Let $A$ be a matrix where $A \in \mathbb{F}^{n^s \times n^s}$ and $s>2$. Assume $A$ is a sparse matrix where its rank $\leq n$ and that there is only constant number of non-zero elements in each row. The positions of the non-zero elements are predefined.

My question: How can I fill a matrix of size $n \times n$ with an equal rank that each value is computed from the original matrix, where the complexity of that building would be $O(n^2)$? (randomized algorithms can also be considered)

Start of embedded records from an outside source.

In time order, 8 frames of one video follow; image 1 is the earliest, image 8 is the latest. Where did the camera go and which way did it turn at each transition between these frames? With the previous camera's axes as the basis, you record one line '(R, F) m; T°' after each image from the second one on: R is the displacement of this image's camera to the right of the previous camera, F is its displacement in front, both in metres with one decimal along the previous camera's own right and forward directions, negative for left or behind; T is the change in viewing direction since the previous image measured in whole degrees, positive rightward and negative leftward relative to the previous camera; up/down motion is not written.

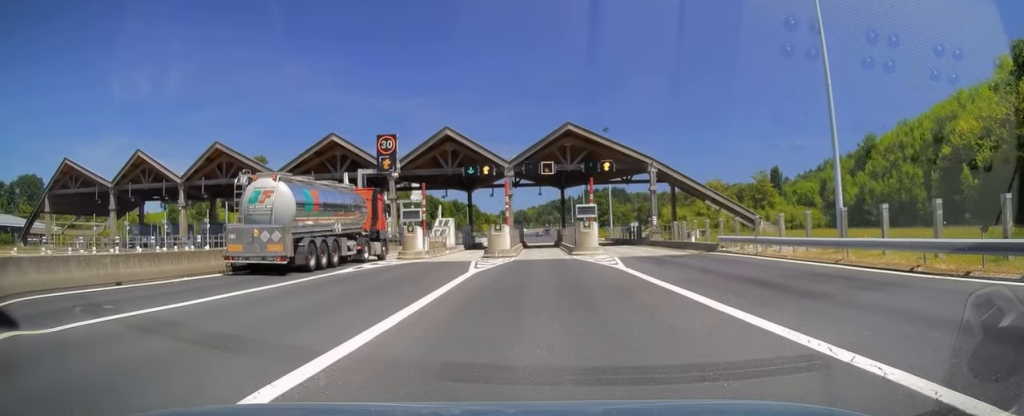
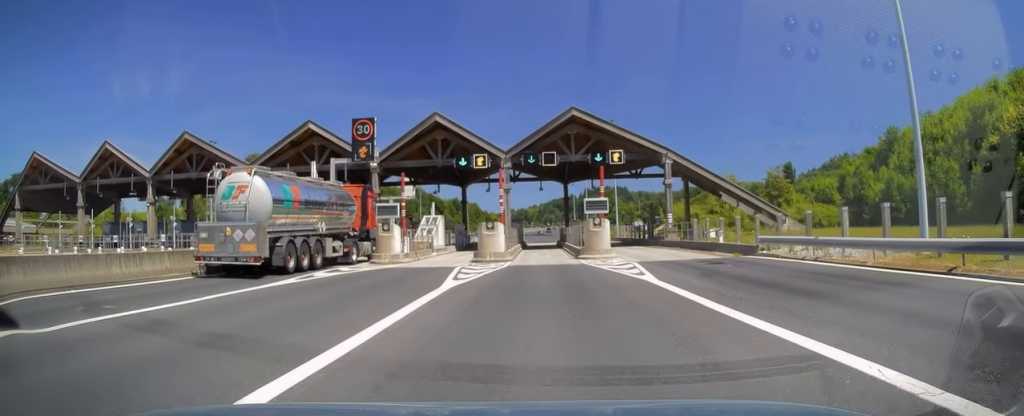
(+0.1, +5.9) m; 0°
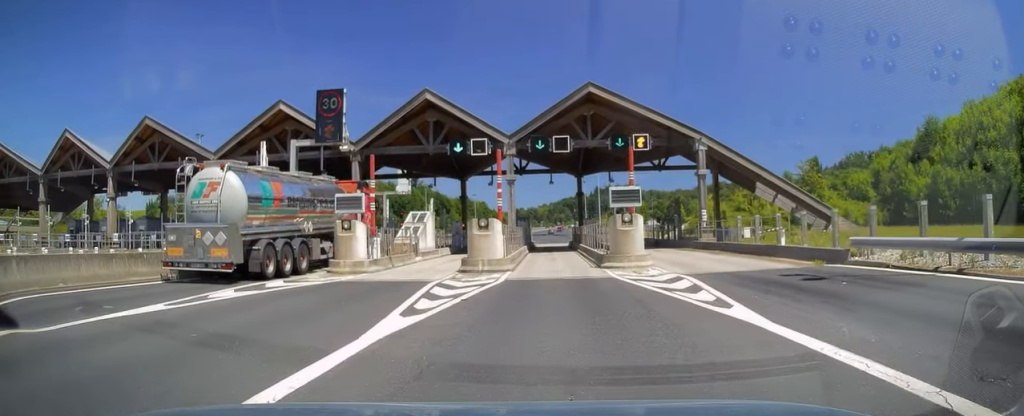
(-0.1, +7.6) m; -1°
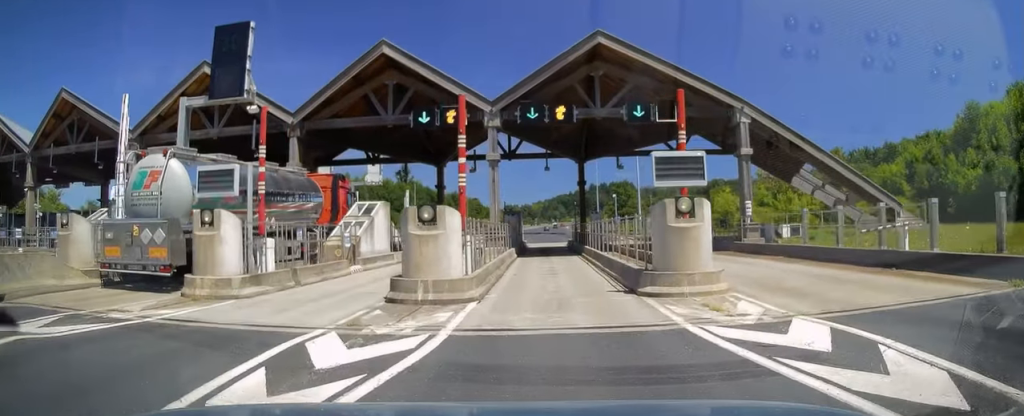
(0.0, +10.3) m; -1°
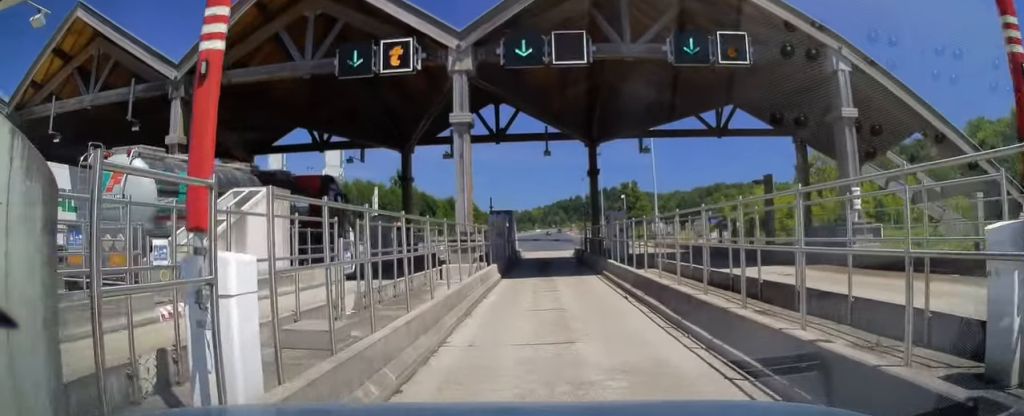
(-0.1, +12.1) m; 0°
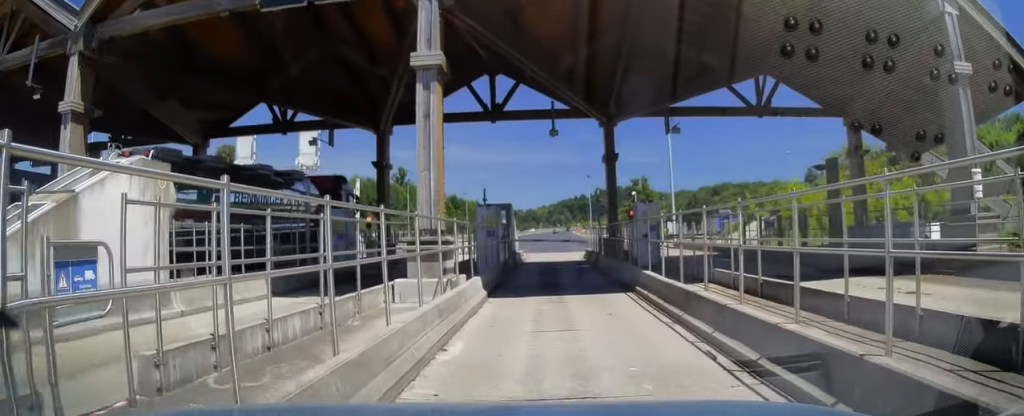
(+0.2, +6.5) m; -1°
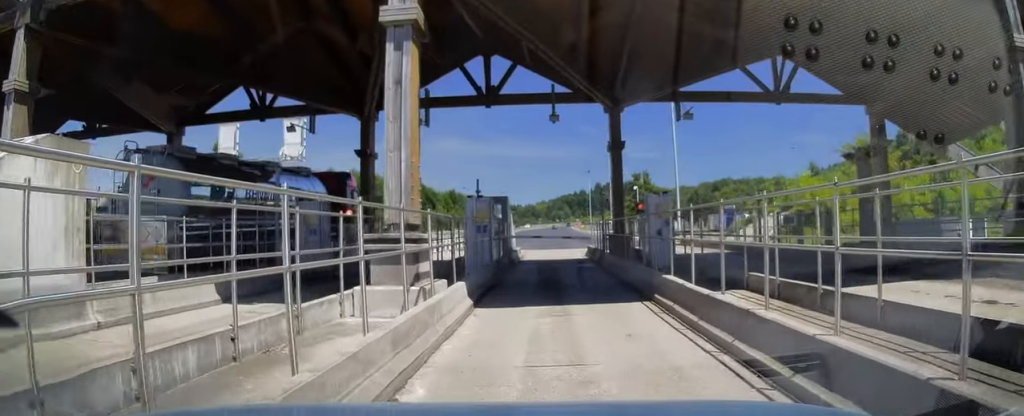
(-0.2, +2.6) m; 0°
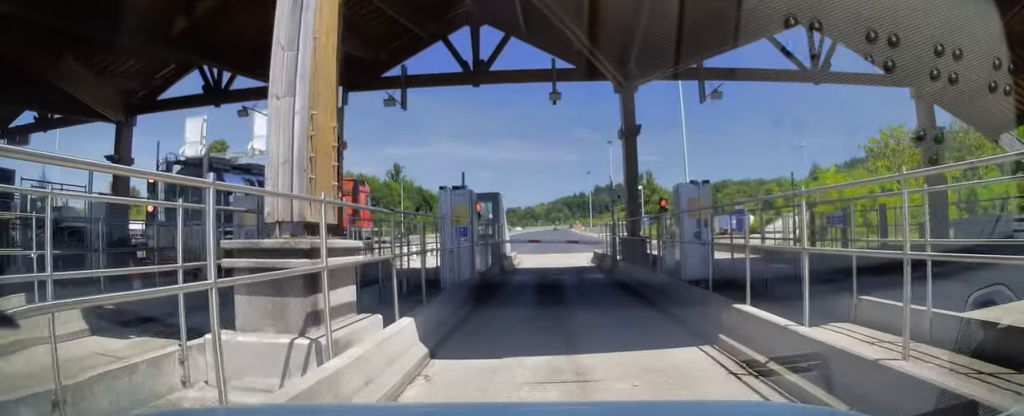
(-0.1, +4.5) m; +1°

• @D.W. I made an edit. You can't pick a random matrix. and it would be impossible to compute rank in a regular manner as the complexity would exceed the limit of $O(n^2)$ Jun 5 '17 at 18:33
• I thought that the values will be a predefined gauss elimination values. BUT as I don't know the values of the matrix values before I'm prebuilding it (I.e which one is zero) I can't it doesn't looks like the it will fit. My direction is towards randomized algorithm ( fill the values with some randomize linear combination that might give a rank and can be easily computed). Jun 6 '17 at 6:27
• As I mentioned to build an $n \times n$ matrix, you must compute the rank first on the large matrix and this is what I'm trying to prevent because of the high complexity of it. Jun 6 '17 at 6:30
• OK. It might be helpful to edit the question to include that information. What is the best algorithm you know so far? How fast is it? What's the fastest algorithm you can find to compute the rank of $A$, given its special structure?
– D.W.
Jun 6 '17 at 7:53